Les ploucs le saluent bien

« Hein ? mais non je ne l’ai pas dit ». Dans le célèbre sketch du Schmilblick de Coluche, son comparse, Martin Lamotte jouant le rôle de Guy Lux, s’exclame : « je vous rappelle que le schmilblick est un œuf, et un œuf ne fait pas de politique, voyons », avant de rectifier sans sourciller. C’est à peu près la mésaventure qui est arrivée à Nicolas Sarkozy qui aurait déclaré en « off » que son électorat, c’étaient des ploucs. Une information publiée dans l’Obs, reprise dans de nombreux médias et démentie par l’entourage du candidat.

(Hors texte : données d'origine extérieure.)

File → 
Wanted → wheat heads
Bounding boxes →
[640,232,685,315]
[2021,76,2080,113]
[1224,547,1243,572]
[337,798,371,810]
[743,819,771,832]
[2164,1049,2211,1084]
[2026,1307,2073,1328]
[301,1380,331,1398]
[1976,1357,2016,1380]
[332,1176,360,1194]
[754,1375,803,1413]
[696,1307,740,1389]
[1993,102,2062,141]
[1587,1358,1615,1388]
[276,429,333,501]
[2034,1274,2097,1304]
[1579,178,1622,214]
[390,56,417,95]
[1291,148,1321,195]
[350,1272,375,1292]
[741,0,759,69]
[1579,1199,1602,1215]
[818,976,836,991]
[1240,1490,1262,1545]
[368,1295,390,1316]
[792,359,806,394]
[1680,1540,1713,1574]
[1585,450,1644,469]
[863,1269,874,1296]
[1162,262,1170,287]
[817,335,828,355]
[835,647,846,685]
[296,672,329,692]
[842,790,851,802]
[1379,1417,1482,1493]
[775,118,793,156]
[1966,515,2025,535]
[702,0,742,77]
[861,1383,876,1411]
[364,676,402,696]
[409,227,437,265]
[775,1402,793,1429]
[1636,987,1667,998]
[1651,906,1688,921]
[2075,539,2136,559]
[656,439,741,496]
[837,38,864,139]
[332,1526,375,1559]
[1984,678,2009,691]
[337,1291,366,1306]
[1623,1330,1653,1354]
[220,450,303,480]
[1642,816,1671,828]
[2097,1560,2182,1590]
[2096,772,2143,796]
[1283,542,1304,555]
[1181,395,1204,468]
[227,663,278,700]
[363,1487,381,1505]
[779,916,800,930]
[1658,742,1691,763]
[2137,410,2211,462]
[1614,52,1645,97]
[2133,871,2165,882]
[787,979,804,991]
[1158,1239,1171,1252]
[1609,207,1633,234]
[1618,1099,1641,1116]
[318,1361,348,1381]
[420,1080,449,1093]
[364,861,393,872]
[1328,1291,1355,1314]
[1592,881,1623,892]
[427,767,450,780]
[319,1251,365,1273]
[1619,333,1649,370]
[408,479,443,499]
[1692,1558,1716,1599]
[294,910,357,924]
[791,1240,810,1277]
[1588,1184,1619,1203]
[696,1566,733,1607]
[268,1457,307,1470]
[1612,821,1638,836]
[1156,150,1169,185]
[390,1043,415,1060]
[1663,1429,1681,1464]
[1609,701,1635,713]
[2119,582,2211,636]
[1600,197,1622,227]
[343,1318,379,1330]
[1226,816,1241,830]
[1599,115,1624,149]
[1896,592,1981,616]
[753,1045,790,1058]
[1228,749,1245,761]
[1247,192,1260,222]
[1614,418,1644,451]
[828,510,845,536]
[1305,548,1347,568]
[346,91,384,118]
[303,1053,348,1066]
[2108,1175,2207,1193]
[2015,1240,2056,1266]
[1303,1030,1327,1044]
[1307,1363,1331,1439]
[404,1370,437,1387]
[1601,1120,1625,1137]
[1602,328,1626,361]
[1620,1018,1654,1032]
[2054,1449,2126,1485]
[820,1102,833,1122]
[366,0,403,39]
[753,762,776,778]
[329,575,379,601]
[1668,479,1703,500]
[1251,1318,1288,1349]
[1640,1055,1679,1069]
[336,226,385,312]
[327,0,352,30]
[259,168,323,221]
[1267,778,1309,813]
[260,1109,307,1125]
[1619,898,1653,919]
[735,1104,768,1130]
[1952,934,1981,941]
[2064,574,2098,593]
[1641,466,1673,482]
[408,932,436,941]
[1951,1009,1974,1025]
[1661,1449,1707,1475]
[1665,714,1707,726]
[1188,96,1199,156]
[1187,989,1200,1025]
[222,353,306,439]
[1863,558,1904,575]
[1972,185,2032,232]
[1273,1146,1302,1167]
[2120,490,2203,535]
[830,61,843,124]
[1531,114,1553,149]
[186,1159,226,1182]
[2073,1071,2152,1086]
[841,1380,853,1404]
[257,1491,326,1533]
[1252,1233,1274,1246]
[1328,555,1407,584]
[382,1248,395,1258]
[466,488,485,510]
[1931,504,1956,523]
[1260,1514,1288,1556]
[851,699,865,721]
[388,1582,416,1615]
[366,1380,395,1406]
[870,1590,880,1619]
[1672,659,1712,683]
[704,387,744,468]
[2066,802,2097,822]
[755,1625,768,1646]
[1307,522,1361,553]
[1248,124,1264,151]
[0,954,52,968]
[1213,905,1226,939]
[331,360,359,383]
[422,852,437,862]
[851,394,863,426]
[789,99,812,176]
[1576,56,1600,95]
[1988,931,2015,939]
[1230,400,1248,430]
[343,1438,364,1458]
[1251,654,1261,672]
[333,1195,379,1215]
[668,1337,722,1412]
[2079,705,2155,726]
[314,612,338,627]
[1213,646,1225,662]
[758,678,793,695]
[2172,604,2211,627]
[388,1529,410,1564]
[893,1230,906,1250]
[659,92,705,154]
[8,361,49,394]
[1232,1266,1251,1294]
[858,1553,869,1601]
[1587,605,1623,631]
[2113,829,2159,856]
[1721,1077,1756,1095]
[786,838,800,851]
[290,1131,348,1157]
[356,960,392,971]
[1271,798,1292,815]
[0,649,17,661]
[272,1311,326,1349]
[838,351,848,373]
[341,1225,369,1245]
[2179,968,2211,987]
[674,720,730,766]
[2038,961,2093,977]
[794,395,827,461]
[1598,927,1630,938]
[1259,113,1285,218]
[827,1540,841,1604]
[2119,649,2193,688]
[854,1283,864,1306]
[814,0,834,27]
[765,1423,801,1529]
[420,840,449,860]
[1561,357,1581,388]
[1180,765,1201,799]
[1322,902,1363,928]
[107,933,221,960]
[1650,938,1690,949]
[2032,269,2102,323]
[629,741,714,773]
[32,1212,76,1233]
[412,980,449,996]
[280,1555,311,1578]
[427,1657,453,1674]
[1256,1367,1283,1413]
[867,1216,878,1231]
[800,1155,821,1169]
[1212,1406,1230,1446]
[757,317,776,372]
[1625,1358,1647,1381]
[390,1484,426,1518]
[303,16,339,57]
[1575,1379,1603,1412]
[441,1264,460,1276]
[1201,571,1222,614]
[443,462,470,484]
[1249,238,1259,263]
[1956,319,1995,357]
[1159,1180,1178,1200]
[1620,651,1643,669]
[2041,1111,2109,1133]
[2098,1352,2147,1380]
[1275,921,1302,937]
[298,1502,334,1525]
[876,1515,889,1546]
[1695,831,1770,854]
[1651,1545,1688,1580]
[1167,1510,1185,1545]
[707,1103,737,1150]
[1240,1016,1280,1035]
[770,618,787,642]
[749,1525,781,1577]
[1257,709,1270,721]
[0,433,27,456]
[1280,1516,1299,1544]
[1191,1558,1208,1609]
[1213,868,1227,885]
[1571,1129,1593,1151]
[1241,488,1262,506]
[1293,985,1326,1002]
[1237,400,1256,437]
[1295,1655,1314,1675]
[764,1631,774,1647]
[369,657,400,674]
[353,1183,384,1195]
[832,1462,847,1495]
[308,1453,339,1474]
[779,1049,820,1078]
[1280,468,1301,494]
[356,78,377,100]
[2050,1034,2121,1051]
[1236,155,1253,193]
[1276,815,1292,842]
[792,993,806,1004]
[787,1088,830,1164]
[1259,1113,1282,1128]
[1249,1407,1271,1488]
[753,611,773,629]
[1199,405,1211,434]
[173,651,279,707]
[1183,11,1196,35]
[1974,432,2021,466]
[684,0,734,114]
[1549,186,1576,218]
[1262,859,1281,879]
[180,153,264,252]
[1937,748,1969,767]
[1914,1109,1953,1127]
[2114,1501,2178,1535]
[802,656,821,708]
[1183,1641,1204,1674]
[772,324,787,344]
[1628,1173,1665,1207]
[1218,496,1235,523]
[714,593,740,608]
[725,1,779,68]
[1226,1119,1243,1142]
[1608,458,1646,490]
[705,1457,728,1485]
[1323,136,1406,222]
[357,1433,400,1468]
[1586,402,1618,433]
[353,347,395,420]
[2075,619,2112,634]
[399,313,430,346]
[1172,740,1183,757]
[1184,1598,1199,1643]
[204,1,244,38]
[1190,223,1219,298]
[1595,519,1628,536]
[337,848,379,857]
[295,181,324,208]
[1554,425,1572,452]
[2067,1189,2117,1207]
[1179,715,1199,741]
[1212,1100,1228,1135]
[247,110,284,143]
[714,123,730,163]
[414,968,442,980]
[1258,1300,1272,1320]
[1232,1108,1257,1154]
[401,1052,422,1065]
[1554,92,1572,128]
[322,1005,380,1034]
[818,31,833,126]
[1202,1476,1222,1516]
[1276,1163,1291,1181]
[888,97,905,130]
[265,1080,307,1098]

Les propos ayant été tenus lors d’un déjeuner avec des journalistes de l’AFP, l’agence s’est fendue « spontanément » d’une lettre d’excuses tellement alambiquée qu’un doute subsiste largement. Le président de l’AFP regrette que la règle de confidentialité n’ait pas été respectée et que les propos aient été « mal rapportés » et sortis de leur contexte. Ah ! le fameux contexte, ce pelé, ce galeux, qui déforme systématiquement la pensée des politiques. Selon la défense, ce sont les adversaires de Sarkozy qui affirment qu’il est soutenu par des ploucs. Mouais. Une manière de reconnaitre implicitement la petite phrase tout en essayant de la désamorcer. Le problème de Sarkozy, c’est que cette opinion est très plausible après le « casse-toi, pauv’con » prononcé en public, celui-là. On peut même trouver son langage très châtié par rapport à sa vulgarité habituelle. Il aurait pu parler de bouseux, par exemple, que ça n’aurait surpris personne.

Cette histoire n’est pas sans rappeler le scénario d’un film d’Elia Kazan, « un homme dans la foule » dans lequel le présentateur vedette d’une émission populiste se trahit et se discrédite en exprimant tout son mépris pour la populace qui le soutient en oubliant que son micro est encore ouvert. C’est un peu ce qui est arrivé à Donald Trump avec la diffusion de ses propos sexistes et méprisants à l’égard des femmes. L’AFP s’excuse, à tort, d’avoir laissé filtrer des déclarations faites hors de la campagne officielle. C’est oublier que le « off » n’existe plus, et depuis longtemps. Les politiques eux-mêmes utilisent ces contacts informels avec les journalistes pour balancer des informations ou tester des petites phrases assassines sur leurs adversaires, en sachant très bien que ce sera repris. C’est un jeu pervers qui ressemble à celui auquel se livrent les people avec les journaux à scandale. D’un côté, ils s’en servent et parfois monnayent leur complicité dans des reportages et des photos soi-disant volées, de l’autre, ils les poursuivent en justice quand le résultat ne leur convient pas. J’espère que les ploucs sauront se souvenir et réserver à Nicolas Sarkozy la fantasia qu’il mérite.